The arguments for IP instead of hostname are mainly
- indexing (much faster to index integers than say varchar)
- storage (4bytes vs LengthOfHostname+1)
However, you do present a valid case, so maybe we could look into make this a configurable knob to switch between ip/host. Would that be an acceptable solution for you?
As a side note, would you be interested in sharing some details on the setups so that we could try to figure a workaround? How did you configure syslog on your docker images, what syslog daemon(s) you run on the sending side?
from echofish.
The arguments for IP instead of hostname are mainly
indexing (much faster to index integers than say varchar)

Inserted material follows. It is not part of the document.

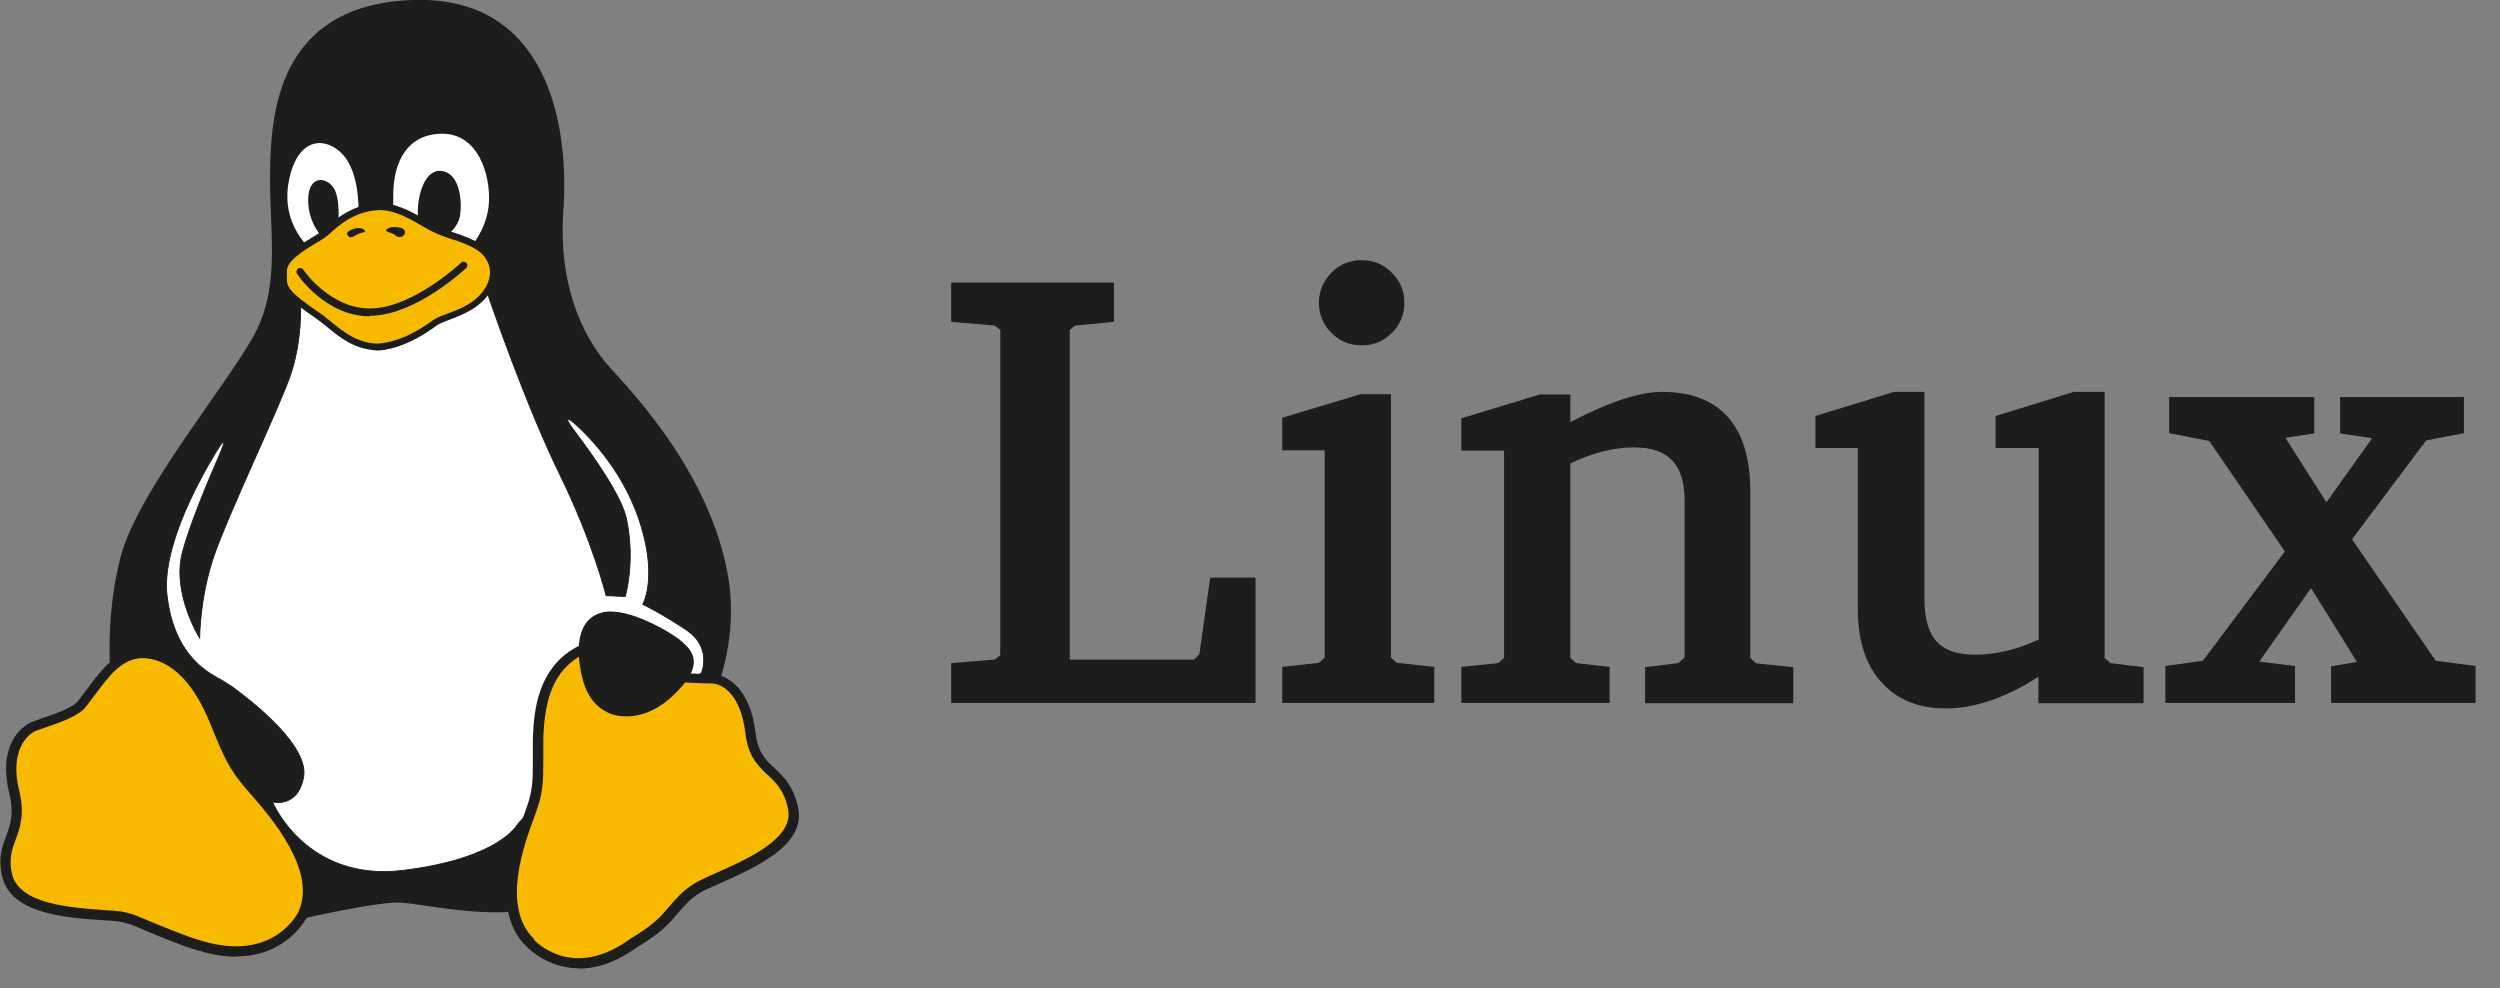 <?xml version="1.0" encoding="UTF-8"?> <svg xmlns="http://www.w3.org/2000/svg" width="86" height="34" viewBox="0 0 86 34" fill="none"><rect x="0" y="0" width="86" height="34" fill="#808080" stroke="none"/><g clip-path="url(#clip0_1471_33880)"><path d="M10.23 31.64C10.23 31.64 12.97 31.01 13.75 31.05C14.53 31.09 16.21 31.5 17.78 31.35C19.35 31.2 23.23 26.37 23.23 26.37C23.23 26.37 25.75 23.33 25.01 19.62C24.28 15.92 21.34 13.08 20.85 12.49C20.36 11.9 19.17 10.22 19.38 7.25C19.59 4.28 18.83 -0.17 14.18 -0C9.53 0.17 9.32 3.95 9.29 5.91C9.26 7.87 9.64 9.68 8.84 11.33C8.04 12.98 4.79 16.78 4.16 19.12C3.53 21.46 3.85 23.87 3.85 23.87L10.25 31.63L10.23 31.64Z" fill="#1D1D1B"></path><path d="M10.409 31.46C10.409 31.46 9.529 33.35 6.889 32.54C6.519 32.46 5.139 31.9 4.709 31.71C4.459 31.6 4.189 31.53 3.919 31.51C2.629 31.41 0.509 31.37 0.219 30.1C-0.041 28.92 0.829 28.68 0.469 27.25C0.109 25.82 0.759 25.14 1.179 24.98C1.599 24.82 2.529 24.56 2.799 24.22C3.509 23.31 4.089 22.26 5.219 22.5C6.209 22.71 6.889 23.63 7.359 24.8C7.829 25.97 7.969 26.34 8.629 27.09C9.289 27.84 11.139 29.87 10.399 31.46H10.409Z" fill="#F7BA00"></path><path d="M8.12 32.91C7.74 32.91 7.32 32.85 6.84 32.7C6.43 32.62 4.91 31.98 4.65 31.86C4.41 31.76 4.17 31.7 3.92 31.68L3.61 31.66C2.24 31.57 0.36 31.44 0.07 30.13C-0.07 29.52 0.07 29.14 0.21 28.77C0.36 28.37 0.49 27.99 0.32 27.29C-0.07 25.73 0.65 25 1.14 24.82C1.22 24.79 1.33 24.75 1.44 24.71C1.86 24.57 2.5 24.35 2.68 24.12C2.77 24 2.87 23.88 2.96 23.75C3.56 22.94 4.19 22.11 5.27 22.33C6.2 22.53 6.97 23.33 7.54 24.73L7.6 24.88C8.03 25.92 8.17 26.27 8.78 26.97L8.86 27.06C9.6 27.91 11.34 29.89 10.58 31.52C10.56 31.55 9.9 32.9 8.13 32.9L8.12 32.91ZM4.91 22.64C4.2 22.64 3.75 23.25 3.23 23.95C3.14 24.07 3.04 24.2 2.95 24.32C2.71 24.63 2.07 24.85 1.55 25.03C1.44 25.07 1.34 25.1 1.26 25.13C0.91 25.26 0.33 25.87 0.66 27.19C0.86 28 0.69 28.47 0.54 28.88C0.41 29.23 0.3 29.54 0.41 30.05C0.65 31.1 2.37 31.22 3.63 31.31L3.95 31.33C4.24 31.35 4.52 31.42 4.79 31.54C5.26 31.74 6.59 32.29 6.93 32.36C9.41 33.12 10.25 31.4 10.26 31.38C10.93 29.96 9.3 28.09 8.6 27.29L8.52 27.2C7.87 26.45 7.71 26.06 7.28 25.01L7.22 24.86C6.69 23.58 6.01 22.84 5.2 22.67C5.1 22.65 5.01 22.64 4.92 22.64H4.91Z" fill="#1D1D1B"></path><path d="M9.379 27.6C9.379 27.6 10.529 30.35 13.869 29.94C17.209 29.53 17.809 28.35 17.809 28.35L19.969 25.94L24.129 23.15C24.129 23.15 24.509 22.27 23.609 21.67C22.709 21.07 22.109 20.79 22.109 20.79C22.109 20.79 22.539 20.06 22.159 18.49C21.719 16.64 20.589 15.33 19.859 14.65C19.469 14.29 19.419 14.37 19.729 14.78C20.389 15.65 21.429 17.12 21.559 17.89C21.859 19.34 21.509 20.52 21.509 20.52L20.849 20.49C20.849 20.49 20.409 18.68 19.259 16.33C18.109 13.98 16.909 10.53 16.629 9.68C16.349 8.83 14.029 10.56 14.029 10.56L10.339 10.4C10.339 10.4 10.419 11.74 9.959 13C9.499 14.26 7.849 17.7 7.359 19.13C6.869 20.56 6.869 21.95 6.869 21.95C6.869 21.95 5.909 20.42 6.269 19.02C6.499 18.12 7.139 16.58 7.559 15.62C7.789 15.09 7.729 15.06 7.419 15.57C6.709 16.75 5.559 18.94 5.749 20.5C6.009 22.66 7.269 23.19 7.649 23.41C7.759 23.48 7.869 23.55 7.979 23.62C8.649 24.11 10.729 25.71 10.429 26.81C10.209 27.79 9.389 27.59 9.389 27.59L9.379 27.6Z" fill="white" stroke="#1D1D1B" stroke-width="0.03" stroke-miterlimit="10"></path><path d="M12.33 7.47C12.33 7.47 12.42 6.15 11.88 5.42C11.38 4.76 10.4 4.6 10.01 5.92C9.62 7.24 10.22 8.13 10.67 8.56C11.12 8.99 12.34 7.47 12.34 7.47H12.33Z" fill="white"></path><path d="M16.07 8.64C16.07 8.64 16.77 7.95 16.82 6.96C16.87 5.97 16.43 4.6 15.22 4.6C14.01 4.6 13.55 5.57 13.53 6.62C13.51 7.67 13.59 7.87 13.59 7.87L16.07 8.64Z" fill="white"></path><path d="M11.63 7.809C11.63 7.809 11.73 6.859 11.48 6.469C11.23 6.079 10.61 6.009 10.6 6.869C10.6 7.799 11.21 8.279 11.21 8.279L11.63 7.809Z" fill="#1D1D1B"></path><path d="M15.23 8.2C15.23 8.2 15.76 7.9 15.83 7.39C15.9 6.88 15.81 5.94 15.17 5.88C14.59 5.83 14.37 6.75 14.37 7.3C14.37 7.85 14.64 8.45 14.64 8.45L15.24 8.2H15.23Z" fill="#1D1D1B"></path><path d="M12.909 11.93C12.909 11.93 13.749 12.01 14.969 11.1C15.329 10.85 16.369 10.73 16.819 9.91C17.269 9.09 16.559 8.56 16.559 8.56C16.559 8.56 16.329 8.34 15.529 8.1C15.229 8.01 14.929 7.88 14.659 7.72C14.189 7.44 13.569 7.07 12.979 7.11C12.139 7.16 11.569 7.66 11.249 7.97C10.929 8.28 9.759 8.75 9.759 9.31C9.759 9.87 9.579 9.94 11.019 10.93C11.589 11.37 12.059 11.88 12.909 11.94V11.93Z" fill="#F7BA00"></path><path d="M12.96 12.05H12.9C12.16 11.99 11.69 11.61 11.23 11.23C11.14 11.16 11.05 11.08 10.95 11.01C9.67 10.13 9.62 9.95 9.64 9.46C9.64 9.41 9.64 9.36 9.64 9.3C9.64 8.84 10.24 8.47 10.72 8.18C10.9 8.07 11.08 7.96 11.17 7.88C11.46 7.61 12.06 7.05 12.97 6.99C13.61 6.95 14.25 7.33 14.71 7.61C14.96 7.76 15.24 7.88 15.55 7.98C16.36 8.23 16.6 8.45 16.63 8.47C16.63 8.47 17.41 9.06 16.91 9.96C16.57 10.58 15.93 10.82 15.46 11C15.27 11.07 15.12 11.13 15.02 11.2C13.96 11.99 13.17 12.06 12.95 12.06L12.96 12.05ZM12.92 11.82C12.92 11.82 13.75 11.87 14.9 11.01C15.02 10.93 15.19 10.86 15.39 10.79C15.85 10.62 16.42 10.4 16.72 9.86C17.12 9.14 16.52 8.67 16.49 8.66C16.48 8.65 16.25 8.44 15.49 8.21C15.17 8.11 14.87 7.98 14.6 7.82C14.16 7.56 13.55 7.19 12.99 7.23C12.15 7.28 11.6 7.8 11.33 8.05C11.22 8.15 11.05 8.26 10.84 8.38C10.43 8.63 9.87 8.98 9.87 9.31C9.87 9.37 9.87 9.43 9.87 9.48C9.86 9.86 9.85 9.99 11.09 10.83C11.19 10.91 11.28 10.98 11.38 11.06C11.83 11.43 12.26 11.77 12.92 11.82Z" fill="#1D1D1B"></path><path d="M13.31 7.96C13.38 8 13.55 8.03 13.62 8.11C13.69 8.19 13.93 8.17 13.93 7.98C13.93 7.79 13.51 7.79 13.38 7.84C13.25 7.89 13.28 7.95 13.31 7.96Z" fill="#1D1D1B"></path><path d="M12.34 8.04C12.44 7.99 12.54 8 12.56 7.96C12.58 7.92 12.4 7.76 12.09 7.9C11.87 8 11.94 8.08 11.99 8.13C12.07 8.22 12.22 8.1 12.34 8.04Z" fill="#1D1D1B"></path><path d="M12.72 10.88C11.21 10.88 10.259 9.489 10.22 9.419C10.18 9.359 10.2 9.279 10.249 9.239C10.309 9.199 10.389 9.219 10.43 9.269C10.43 9.279 11.37 10.659 12.8 10.61C14.239 10.559 15.839 9.059 15.86 9.039C15.909 8.989 15.989 8.989 16.04 9.039C16.09 9.089 16.09 9.169 16.04 9.219C15.97 9.279 14.35 10.8 12.819 10.86C12.79 10.86 12.759 10.86 12.729 10.86L12.72 10.88Z" fill="#1D1D1B"></path><path d="M18.23 32.44C18.23 32.44 19.63 34.01 21.8 32.44C22.95 31.74 22.96 31.47 23.54 30.89C23.73 30.7 23.96 30.54 24.21 30.43C25.39 29.88 27.54 29.11 27.29 27.83C27.01 26.4 26 26.68 25.82 25.21C25.64 23.74 24.91 23.36 24.46 23.36C24.01 23.36 22.46 23.3 22.11 23.05C21.76 22.8 20.79 21.86 19.82 22.47C18.85 23.08 18.56 24.16 18.53 25.42C18.5 26.68 18.6 27.03 18.25 27.97C17.9 28.91 16.99 31.22 18.25 32.44H18.23Z" fill="#F7BA00"></path><path d="M19.92 33.31C18.85 33.31 18.18 32.63 18.11 32.56C16.81 31.29 17.67 28.98 18.04 27.99L18.07 27.91C18.33 27.22 18.33 26.87 18.33 26.17C18.33 25.96 18.33 25.71 18.33 25.42C18.36 24.36 18.54 23.05 19.71 22.33C20.67 21.73 21.6 22.45 22.05 22.8C22.11 22.85 22.16 22.88 22.2 22.91C22.46 23.09 23.79 23.19 24.45 23.19C25.05 23.19 25.81 23.72 25.99 25.2C26.07 25.89 26.34 26.15 26.66 26.44C26.97 26.73 27.31 27.06 27.46 27.81C27.71 29.08 25.99 29.84 24.74 30.4C24.58 30.47 24.43 30.54 24.29 30.6C24.06 30.71 23.85 30.85 23.67 31.03C23.51 31.19 23.39 31.33 23.28 31.46C22.99 31.8 22.74 32.09 21.89 32.6C21.14 33.14 20.48 33.32 19.92 33.32V33.31ZM18.36 32.32C18.42 32.38 19.69 33.75 21.69 32.29C22.5 31.8 22.72 31.54 23 31.21C23.12 31.07 23.24 30.93 23.41 30.76C23.62 30.56 23.86 30.39 24.13 30.26C24.27 30.19 24.42 30.13 24.59 30.05C25.74 29.54 27.31 28.84 27.11 27.84C26.98 27.2 26.71 26.94 26.41 26.66C26.08 26.35 25.73 26.02 25.64 25.21C25.49 23.96 24.91 23.51 24.45 23.51C24.43 23.51 22.46 23.5 22 23.17C21.95 23.14 21.9 23.1 21.84 23.05C21.43 22.73 20.66 22.13 19.9 22.6C19.1 23.1 18.73 23.96 18.69 25.41C18.69 25.7 18.69 25.94 18.69 26.16C18.69 26.87 18.69 27.27 18.41 28.02L18.38 28.1C18.04 29.03 17.23 31.19 18.37 32.3L18.36 32.32Z" fill="#1D1D1B"></path><path d="M20.919 24.52C20.919 24.52 21.949 25.04 23.129 23.95C24.309 22.86 23.799 22.38 23.469 22.08C23.139 21.78 21.629 20.88 20.759 21.06C19.889 21.24 19.849 22.21 19.939 22.84C20.029 23.47 20.219 24.2 20.929 24.52H20.919Z" fill="#1D1D1B"></path><path d="M41.26 22.5L41.08 22.69H36.8V11.35L36.98 11.2L38.32 11.07V9.72H32.72V11.07L34.22 11.2L34.41 11.35V22.54L34.22 22.69L32.72 22.81V24.18H43.19V19.87H41.63L41.26 22.5Z" fill="#1D1D1B"></path><path d="M47.849 22.62V13.56H46.799L44.109 14.37V15.491H45.569V22.62L45.369 22.8L44.109 22.941V24.18H49.339V22.941L48.049 22.8L47.849 22.62Z" fill="#1D1D1B"></path><path d="M46.84 11.88C47.25 11.88 47.6 11.74 47.88 11.45C48.17 11.17 48.31 10.82 48.31 10.41C48.31 10.02 48.17 9.67 47.88 9.38C47.59 9.09 47.24 8.95 46.84 8.95C46.44 8.95 46.08 9.09 45.8 9.38C45.52 9.68 45.37 10.02 45.37 10.41C45.37 10.82 45.52 11.18 45.8 11.45C46.08 11.74 46.44 11.88 46.84 11.88Z" fill="#1D1D1B"></path><path d="M60.209 22.62V16.89C60.209 14.07 58.569 13.48 57.19 13.48C56.4 13.48 55.359 13.82 54.02 14.521V13.57H52.969L50.27 14.39V15.501H51.739V22.631L51.539 22.811L50.27 22.941V24.18H55.37V22.941L54.219 22.811L54.02 22.631V15.941C54.8 15.57 55.529 15.39 56.209 15.39C57.4 15.39 57.95 15.98 57.95 17.23V22.62L57.73 22.811L56.59 22.951V24.191H61.69V22.951L60.419 22.82L60.2 22.631L60.209 22.62Z" fill="#1D1D1B"></path><path d="M72.4 22.62V13.48H71.34L68.65 14.31V15.411H70.13V22C69.38 22.351 68.65 22.52 67.95 22.52C67.35 22.52 66.92 22.381 66.65 22.101C66.35 21.8 66.2 21.291 66.2 20.601V13.48H65.15L62.45 14.31V15.411H63.91V20.96C63.91 22.07 64.2 22.93 64.77 23.52C65.3 24.09 66.03 24.37 66.93 24.37C67.94 24.37 69.01 24 70.12 23.28V24.191H73.74V22.951L72.6 22.811L72.38 22.62H72.4Z" fill="#1D1D1B"></path><path d="M83.789 22.73L80.909 18.55L83.459 15.15L84.759 14.9V13.66H80.499V14.91L81.579 15.07L81.589 15.09L80.029 17.28L78.619 15.06L79.609 14.91V13.66H74.619V14.9L75.999 15.17L78.599 18.97L75.779 22.73L74.489 22.91V24.18H78.949V22.91L77.719 22.76L79.499 20.23L81.079 22.77L80.189 22.92V24.18H85.159V22.91L83.789 22.73Z" fill="#1D1D1B"></path></g><defs><clipPath id="clip0_1471_33880"><rect width="85.16" height="33.31" fill="white"></rect></clipPath></defs></svg>

storage (4bytes vs LengthOfHostname+1)
You could add an auto_increment key as primary key in the host table. This column could be used as foreign key in others tables like archive and syslog.
However, you do present a valid case, so maybe we could look into make this a configurable knob to switch between ip/host. Would that be an acceptable solution for you?
This would be ok for me.
As a side note, would you be interested in sharing some details on the setups so that we could try to figure a workaround? How did you configure syslog on your docker images, what syslog daemon(s) you run on the sending side?
All servers are using rsyslog on Ubuntu servers. Containers are plain LXC (no docker), running also rsyslog. Servers and containers forwards the logs into one central dedicated rsyslog server, also running Ubuntu.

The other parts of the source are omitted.